Endet bei NPC: Hier kommt der NPC Name hin der im Questlog steht

**Edit* "Tips in der Questdatenbank:*
Mir ist nun schon häufiger aufgefallen das die Questtexte mit "Tips" verändert werden/wurden.
Es gehört absolut kein Tip in den Questtext, dazu gibt es die Kommentarfunktion.



Liebe Grüße,
Derida


----------



## Myronn (30. Mai 2007)

Huhu zusammen,
danke Derida für die tolle Zusammenfassung! Ich denke, es wird allen helfen, wenn wir klare Regeln für bestimmte Fälle und Situationen haben.

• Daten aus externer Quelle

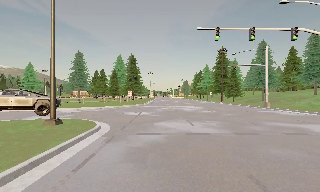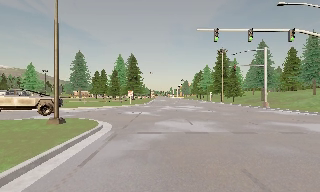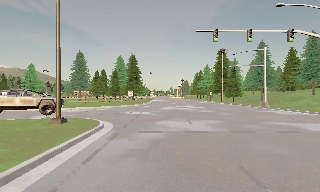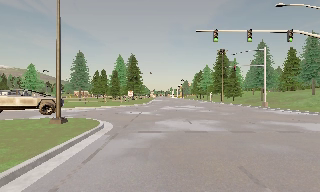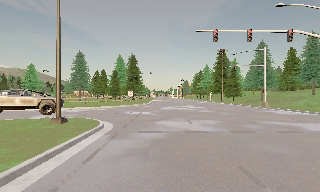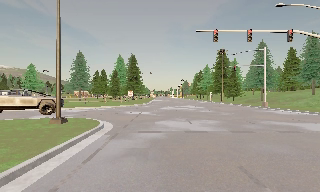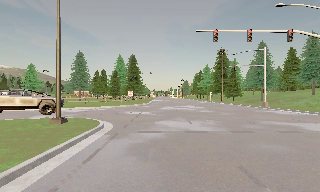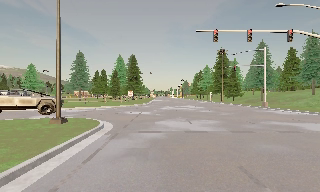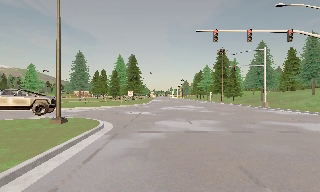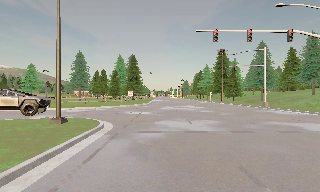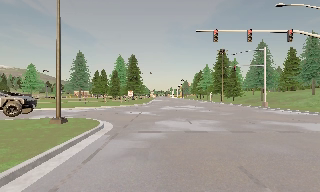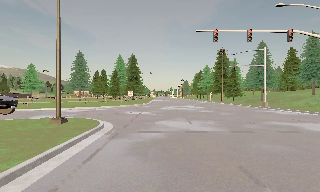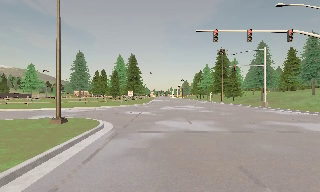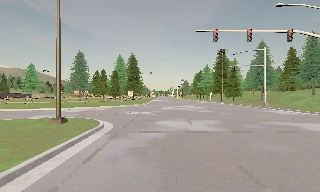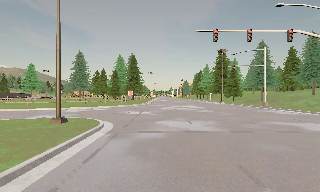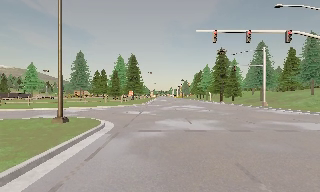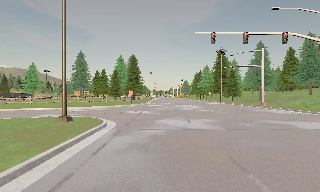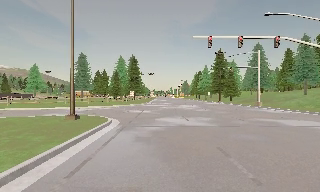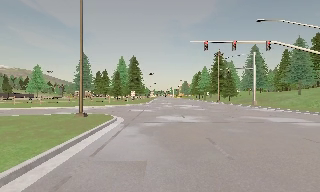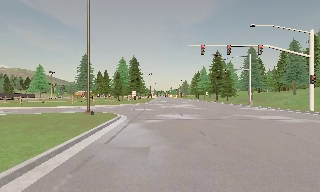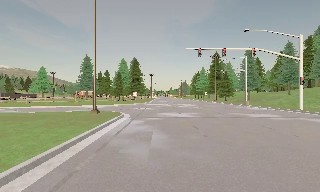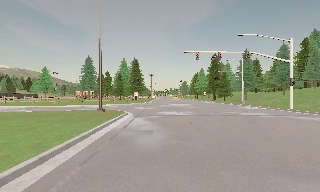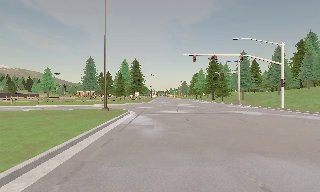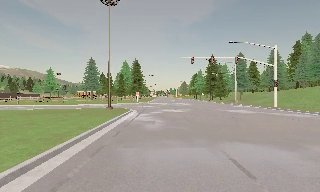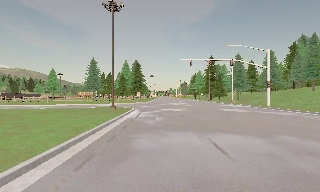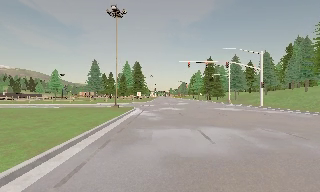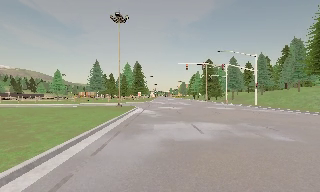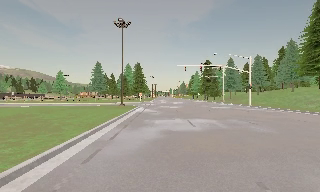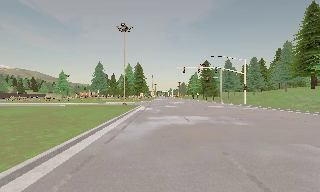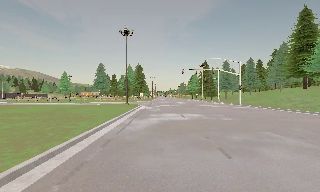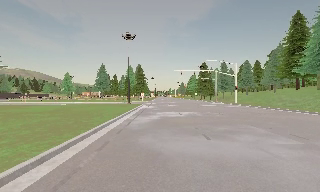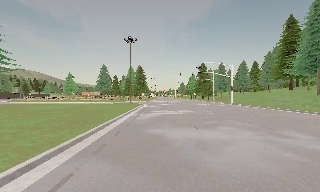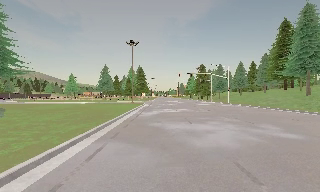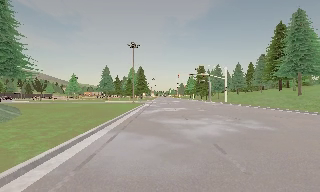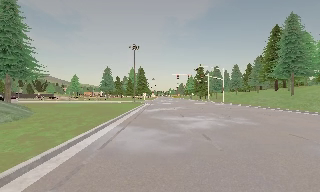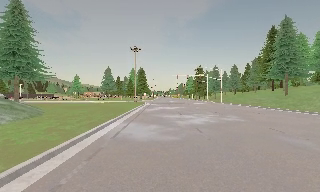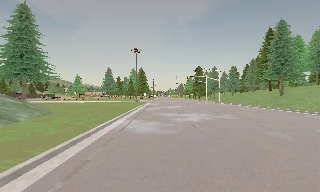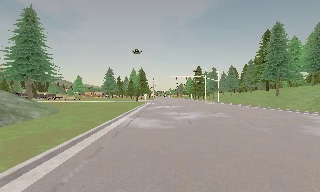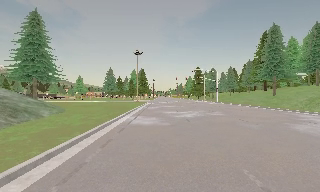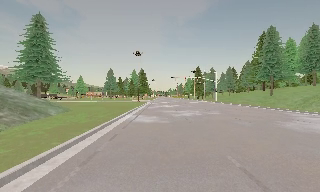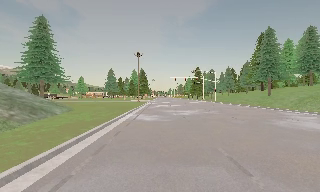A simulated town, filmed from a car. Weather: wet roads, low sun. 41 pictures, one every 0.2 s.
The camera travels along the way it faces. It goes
backward.
0.0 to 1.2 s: The camera shifts only a little, or ends up much as it began.
1.2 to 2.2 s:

Wichtig ist vielleicht auch, dass man, wenn man Fragen hat oder unsicher ist, lieber erstmal hier nachfragt, bevor sich falsche Dinge in die DB einschleichen. 

Viele Grüße
Myronn


----------



## Varnamys (31. Mai 2007)

Das sind doch mal klare Ansagen mit denn man etwas anfangen kann. Danke für die Hilfe


----------



## Hamrok (30. Juli 2007)

Ich habe da mal eine Frage zu den Namen bei "Startet bei NPC". Was trägt man denn den Start NPC ein, wenn die Quest mit einem Random Drop startet?

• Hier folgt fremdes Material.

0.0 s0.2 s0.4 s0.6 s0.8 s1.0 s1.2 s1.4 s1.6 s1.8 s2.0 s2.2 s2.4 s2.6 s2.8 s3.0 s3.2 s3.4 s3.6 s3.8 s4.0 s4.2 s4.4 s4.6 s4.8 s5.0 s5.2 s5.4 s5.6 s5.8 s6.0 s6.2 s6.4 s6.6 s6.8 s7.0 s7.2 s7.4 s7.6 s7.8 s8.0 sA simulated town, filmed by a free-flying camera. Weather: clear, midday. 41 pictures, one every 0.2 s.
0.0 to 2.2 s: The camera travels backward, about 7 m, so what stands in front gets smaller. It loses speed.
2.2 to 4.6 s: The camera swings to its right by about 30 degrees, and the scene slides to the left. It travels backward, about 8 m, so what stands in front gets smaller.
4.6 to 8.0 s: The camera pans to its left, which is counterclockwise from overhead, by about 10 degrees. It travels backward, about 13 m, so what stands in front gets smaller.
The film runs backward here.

Ich habe im Nördlichen Ered Luin bei einem einfachen Warg ein Halsband gefunden. Ihr könnt Euch ja mal die Quest anschauen ... Nordhöhen -> 41er Quest.


----------



## Dargrimm (31. Juli 2007)

Hamrok schrieb:


> Ich habe da mal eine Frage zu den Namen bei "Startet bei NPC". Was trägt man denn den Start NPC ein, wenn die Quest mit einem Random Drop startet?
> 
> Ich habe im Nördlichen Ered Luin bei einem einfachen Warg ein Halsband gefunden. Ihr könnt Euch ja mal die Quest anschauen ... Nordhöhen -> 41er Quest.



Vorschlag: Startet durch <Item>

mfg

Flo


----------